1B) Portfolio

The second top priority (ball being juggled) is to find out what your IT team is working on right now.

If you don’t have a complete inventory of your IT projects from small to big, then ask your team to work on it. The creation and ongoing management of this portfolio of work is one of the key, ongoing requirements for an IT leader. You simply must know how your people are spending their time and where your budget dollars are going. Portfolio Management is one of the most important things you must focus on because there is always, forever, no matter what, more to do than can be done. Your organization must have a good understanding of what is going on.

The portfolio should include information about each  project including costs, timelines, risks of not doing and risks of continuing, business purpose, business counterparts and champions. There are countless tools and systems that can be used to track and manage the inventory and there has been countless articles written about this need including earlier ones by me here, here and here.

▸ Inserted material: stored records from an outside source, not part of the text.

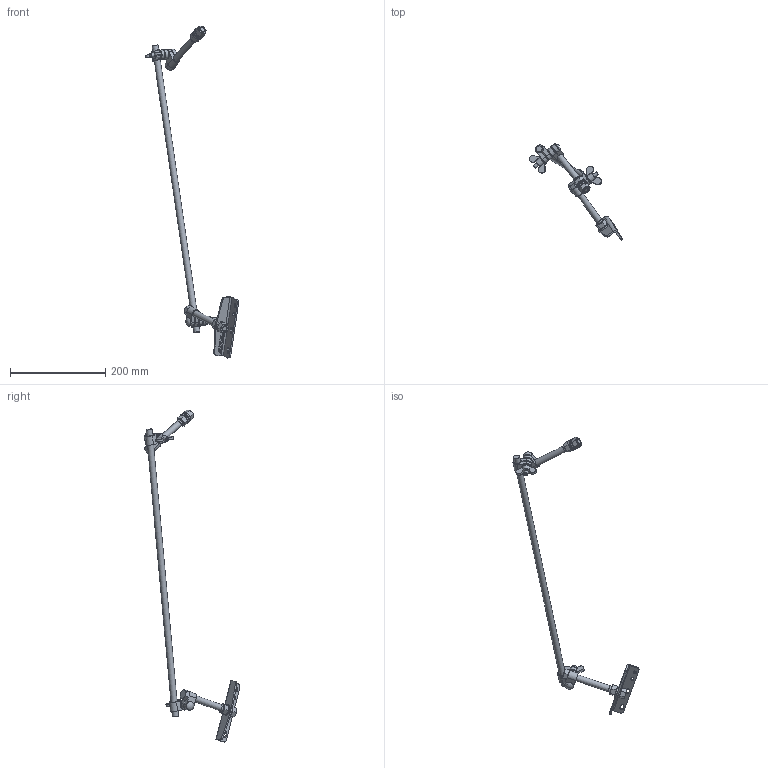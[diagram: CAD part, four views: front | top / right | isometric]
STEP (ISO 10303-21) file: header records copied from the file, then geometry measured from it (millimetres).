
FILE_DESCRIPTION((''),'2;1');
FILE_NAME('9060.stp','2010-02-16T12:35:15',('Dan Preston'),(''),'Autodesk Inventor 2010','Autodesk Inventor 2010','');
FILE_SCHEMA(('AUTOMOTIVE_DESIGN { 1 0 10303 214 1 1 1 1 }'));
Length unit declared in the file: inch
Products named in the file (14): 9060; 900503; 9737-2ft; 900508; 900668; 900668_1; Round Head Square Neck Bolt - Inch 5/16-18 UNC - 2.5; Circular Washer (Inch) 3/8; Type B - Style 1 - Wing Nut - Inch 3/8 - 16; Circular Washer (Inch) 3/8_1; 900508-test bolt; Hex Bolt - Inch 1/2-13 UNC - 5; Helical Spring Lock Washers 0.5; Hex Nut - Inch 1/2 - 13
Assembly tree (21 placements, depth 3):
  9060
    900503
    9737-2ft
    900508  x2
      900668
      900668_1
      Round Head Square Neck Bolt - Inch 5/16-18 UNC - 2.5
      Circular Washer (Inch) 3/8
      Type B - Style 1 - Wing Nut - Inch 3/8 - 16
      Circular Washer (Inch) 3/8_1
      900508-test bolt
    Hex Bolt - Inch 1/2-13 UNC - 5  x2
    Helical Spring Lock Washers 0.5  x4
    Hex Nut - Inch 1/2 - 13  x4
Bounding box: 195.36 x 200.88 x 695.53 mm (x, y, z)
Volume: 200222.9 mm3; surface area: 90889 mm2
Topology: 26 solids, 26 shells, 626 faces, 1478 edges, 914 vertices
Faces by surface type: plane 322, cylinder 131, cone 94, bspline 61, torus 16, sphere 2
Full cylindrical faces by diameter (mm): 6.985 x2, 7.798 x2, 7.938 x4, 10.312 x4, 12.7 x3, 13.081 x2, 13.208 x1, 18.263 x2, 19.05 x2, 20.65 x4
Entity records: 12097 total; most frequent: CARTESIAN_POINT 3448, DIRECTION 1703, ORIENTED_EDGE 1670, EDGE_CURVE 835, AXIS2_PLACEMENT_3D 590, VERTEX_POINT 546, VECTOR 523, LINE 523
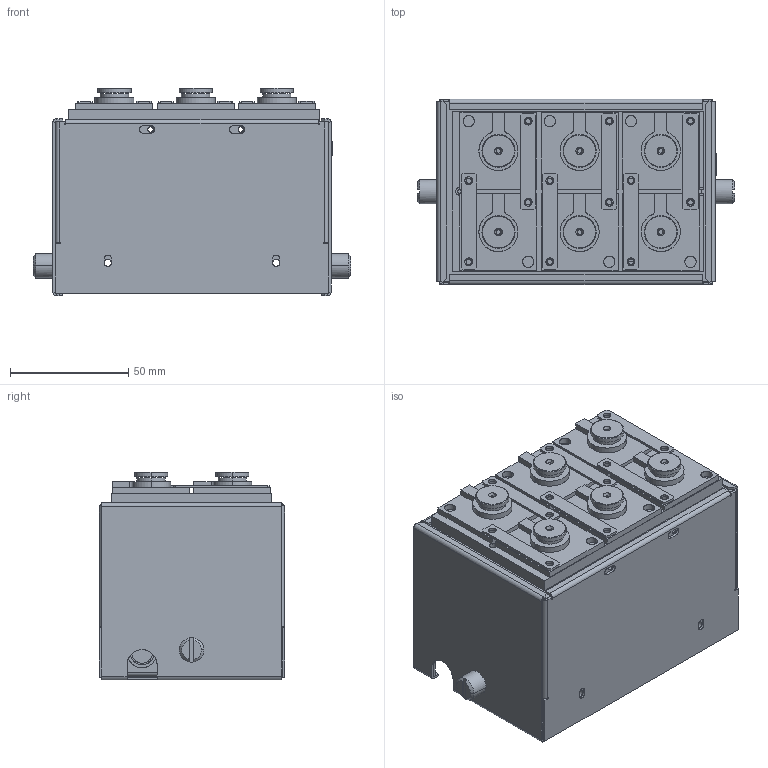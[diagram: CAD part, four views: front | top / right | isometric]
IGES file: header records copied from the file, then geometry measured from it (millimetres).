
Start section: SolidWorks IGES file using analytic representation for surfaces
Global section: file name: Micro MCA envelope.IGS; native system: SolidWorks 2013; preprocessor: SolidWorks 2013; author: Steve; date: 130621.125736; units: inch
Bounding box: 134.11 x 78.31 x 87.83 mm (x, y, z)
Surface area: 121508.6 mm2 (no closed solid volume)
Topology: 0 solids, 0 shells, 566 faces, 8752 edges, 8752 vertices
Faces by surface type: bspline 297, revolution 269
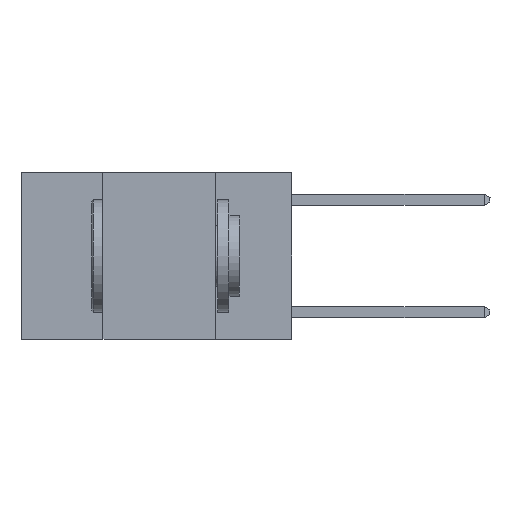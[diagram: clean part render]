
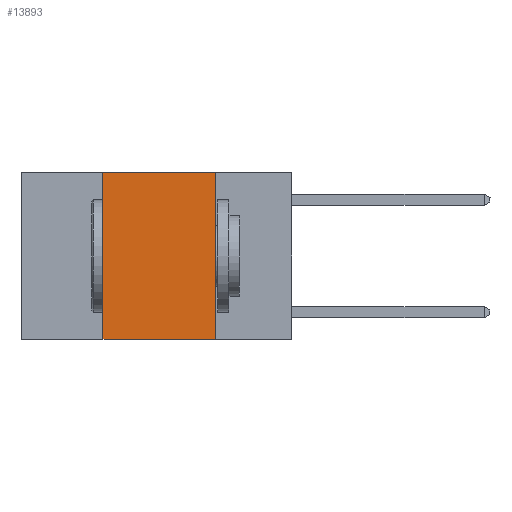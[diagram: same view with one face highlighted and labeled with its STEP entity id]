
A CAD part, left-side view. The second image highlights one B-rep face of the part: STEP entity #13893.
In plain terms, the highlighted planar face has unit normal (-1, 0, 0).
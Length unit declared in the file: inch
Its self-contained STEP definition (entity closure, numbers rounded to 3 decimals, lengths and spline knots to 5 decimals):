
#466 = LINE ( 'NONE', #6170, #5778 ) ;
#1224 = VERTEX_POINT ( 'NONE', #1389 ) ;
#1389 = CARTESIAN_POINT ( 'NONE',  ( 0., 0.42, 0. ) ) ;
#2070 = ORIENTED_EDGE ( 'NONE', *, *, #14988, .T. ) ;
#3297 = LINE ( 'NONE', #5201, #11608 ) ;
#3626 = VERTEX_POINT ( 'NONE', #18122 ) ;
#5201 = CARTESIAN_POINT ( 'NONE',  ( 0., 0.17, 0. ) ) ;
#5778 = VECTOR ( 'NONE', #13446, 39.37008 ) ;
#6170 = CARTESIAN_POINT ( 'NONE',  ( 0., 0.6, -0.37 ) ) ;
#6589 = DIRECTION ( 'NONE',  ( 0., 0., -1. ) ) ;
#6708 = PLANE ( 'NONE',  #13548 ) ;
#8767 = DIRECTION ( 'NONE',  ( 0., -1., 0. ) ) ;
#9252 = VECTOR ( 'NONE', #8767, 39.37008 ) ;
#9820 = VERTEX_POINT ( 'NONE', #15089 ) ;
#9989 = EDGE_CURVE ( 'NONE', #14718, #9820, #3297, .T. ) ;
#11147 = EDGE_CURVE ( 'NONE', #3626, #1224, #16633, .T. ) ;
#11608 = VECTOR ( 'NONE', #19567, 39.37008 ) ;
#12013 = ORIENTED_EDGE ( 'NONE', *, *, #16491, .F. ) ;
#12311 = FACE_OUTER_BOUND ( 'NONE', #13844, .T. ) ;
#13218 = ORIENTED_EDGE ( 'NONE', *, *, #9989, .F. ) ;
#13446 = DIRECTION ( 'NONE',  ( 0., -1., 0. ) ) ;
#13472 = CARTESIAN_POINT ( 'NONE',  ( 0., 0.17, 0. ) ) ;
#13548 = AXIS2_PLACEMENT_3D ( 'NONE', #21322, #21094, #6589 ) ;
#13844 = EDGE_LOOP ( 'NONE', ( #13218, #12013, #19809, #2070 ) ) ;
#13893 = ADVANCED_FACE ( 'NONE', ( #12311 ), #6708, .F. ) ;
#14718 = VERTEX_POINT ( 'NONE', #13472 ) ;
#14988 = EDGE_CURVE ( 'NONE', #3626, #9820, #466, .T. ) ;
#15089 = CARTESIAN_POINT ( 'NONE',  ( 0., 0.17, -0.37 ) ) ;
#16491 = EDGE_CURVE ( 'NONE', #1224, #14718, #17783, .T. ) ;
#16511 = CARTESIAN_POINT ( 'NONE',  ( 0., 0.42, 0. ) ) ;
#16633 = LINE ( 'NONE', #16511, #22214 ) ;
#17783 = LINE ( 'NONE', #19330, #9252 ) ;
#18122 = CARTESIAN_POINT ( 'NONE',  ( 0., 0.42, -0.37 ) ) ;
#18512 = DIRECTION ( 'NONE',  ( 0., 0., 1. ) ) ;
#19330 = CARTESIAN_POINT ( 'NONE',  ( 0., 0.6, 0. ) ) ;
#19567 = DIRECTION ( 'NONE',  ( 0., 0., -1. ) ) ;
#19809 = ORIENTED_EDGE ( 'NONE', *, *, #11147, .F. ) ;
#21094 = DIRECTION ( 'NONE',  ( 1., 0., 0. ) ) ;
#21322 = CARTESIAN_POINT ( 'NONE',  ( 0., 0.6, 0. ) ) ;
#22214 = VECTOR ( 'NONE', #18512, 39.37008 ) ;

With this portfolio, you can begin the assessment of how what you are doing (Portfolio) matches with what you are learning while (Connecting). As you continue the conversations with your counterparts, you can continuously test how well your team is helping the other teams succeed. This is an ongoing process and can start with the first conversations or later ones.

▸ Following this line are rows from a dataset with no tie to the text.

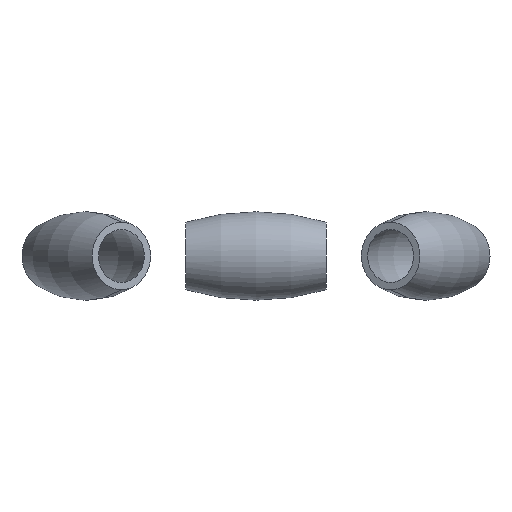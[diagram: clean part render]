
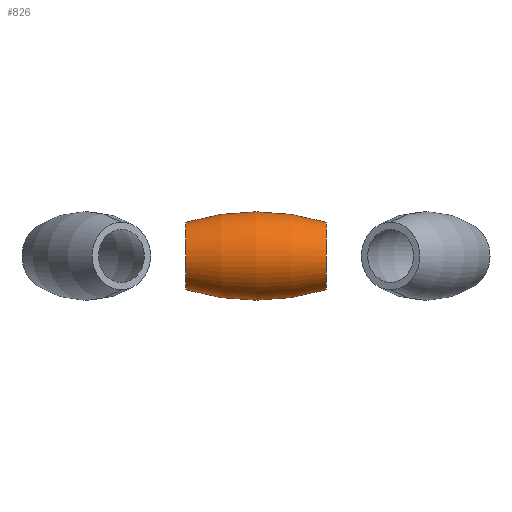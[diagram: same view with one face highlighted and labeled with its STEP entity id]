
A CAD part, front view. The second image highlights one B-rep face of the part: STEP entity #826.
In plain terms, the highlighted toroidal (fillet/blend) face has major radius 56.3 mm and minor radius 69 mm.
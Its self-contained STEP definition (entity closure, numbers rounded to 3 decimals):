
#37 = CARTESIAN_POINT ( 'NONE',  ( 0., -56.3, -56.3 ) ) ;
#65 = DIRECTION ( 'NONE',  ( 0., 0., 1. ) ) ;
#85 = VERTEX_POINT ( 'NONE', #726 ) ;
#111 = ORIENTED_EDGE ( 'NONE', *, *, #1066, .T. ) ;
#120 = VERTEX_POINT ( 'NONE', #899 ) ;
#127 = FACE_OUTER_BOUND ( 'NONE', #892, .T. ) ;
#191 = DIRECTION ( 'NONE',  ( 0., 1., 0. ) ) ;
#203 = CARTESIAN_POINT ( 'NONE',  ( 0., -56.3, 56.3 ) ) ;
#214 = VERTEX_POINT ( 'NONE', #360 ) ;
#240 = CARTESIAN_POINT ( 'NONE',  ( 20.174, -56.3, 0. ) ) ;
#245 = AXIS2_PLACEMENT_3D ( 'NONE', #37, #191, #540 ) ;
#294 = DIRECTION ( 'NONE',  ( 0., 0., 1. ) ) ;
#314 = EDGE_CURVE ( 'NONE', #343, #85, #507, .T. ) ;
#327 = DIRECTION ( 'NONE',  ( 1., 0., 0. ) ) ;
#343 = VERTEX_POINT ( 'NONE', #904 ) ;
#360 = CARTESIAN_POINT ( 'NONE',  ( -20.174, -56.3, 9.685 ) ) ;
#395 = CARTESIAN_POINT ( 'NONE',  ( 0., -56.3, 0. ) ) ;
#440 = DIRECTION ( 'NONE',  ( 0., 0., 1. ) ) ;
#459 = TOROIDAL_SURFACE ( 'NONE', #650, -56.3, 69. ) ;
#465 = DIRECTION ( 'NONE',  ( 0., 0., -1. ) ) ;
#507 = CIRCLE ( 'NONE', #971, 9.685 ) ;
#536 = EDGE_CURVE ( 'NONE', #214, #343, #912, .T. ) ;
#540 = DIRECTION ( 'NONE',  ( 0., 0., 1. ) ) ;
#583 = ORIENTED_EDGE ( 'NONE', *, *, #314, .F. ) ;
#650 = AXIS2_PLACEMENT_3D ( 'NONE', #395, #979, #294 ) ;
#696 = ORIENTED_EDGE ( 'NONE', *, *, #536, .F. ) ;
#722 = DIRECTION ( 'NONE',  ( 0., -1., 0. ) ) ;
#726 = CARTESIAN_POINT ( 'NONE',  ( 20.174, -56.3, -9.685 ) ) ;
#759 = AXIS2_PLACEMENT_3D ( 'NONE', #1102, #327, #440 ) ;
#826 = ADVANCED_FACE ( 'NONE', ( #127 ), #459, .T. ) ;
#831 = EDGE_CURVE ( 'NONE', #120, #85, #910, .T. ) ;
#845 = DIRECTION ( 'NONE',  ( 1., 0., 0. ) ) ;
#852 = CIRCLE ( 'NONE', #759, 9.685 ) ;
#892 = EDGE_LOOP ( 'NONE', ( #111, #1086, #583, #696 ) ) ;
#899 = CARTESIAN_POINT ( 'NONE',  ( -20.174, -56.3, -9.685 ) ) ;
#904 = CARTESIAN_POINT ( 'NONE',  ( 20.174, -56.3, 9.685 ) ) ;
#910 = CIRCLE ( 'NONE', #983, 69. ) ;
#912 = CIRCLE ( 'NONE', #245, 69. ) ;
#971 = AXIS2_PLACEMENT_3D ( 'NONE', #240, #845, #65 ) ;
#979 = DIRECTION ( 'NONE',  ( 1., 0., 0. ) ) ;
#983 = AXIS2_PLACEMENT_3D ( 'NONE', #203, #722, #465 ) ;
#1066 = EDGE_CURVE ( 'NONE', #214, #120, #852, .T. ) ;
#1086 = ORIENTED_EDGE ( 'NONE', *, *, #831, .T. ) ;
#1102 = CARTESIAN_POINT ( 'NONE',  ( -20.174, -56.3, 0. ) ) ;

A good understanding of your IT portfolio gives you several advantages. First, it can inspire confidence in you and your team in the eyes of others. If you can always given an accurate picture of what you are doing and why, then it helps your peers feel confident in your work. Second, an accurate inventory helps you have smart conversations with your CFO and your boss. You can discuss trade-offs if necessary, you can explain relative priorities, you can discuss spending needs out into the future, etc.

The portfolio is a key. Build a good one and build a good process to keep it up to date.

3 thoughts on “1B) Portfolio”

  1. Hi Mark,

    Does the IT active project portfolio has to match exactly with what the CIO is learning while connecting with his/her peers? Sometimes the business customers don’t know what they need or are missing out on. Sometimes it is not easy to find non-IT champions for the IT projects because the business customer it too focused in their day to day challenges. They are are looking at IT to just solve the immediate problems.


    1. Saqib,
      No I doubt they would match perfectly. And it would depend on what is included in the portfolio from early ‘ideas’ which might be tracked and listed or might not be listed. I think the point is to have a basis for the conversation and then iterate.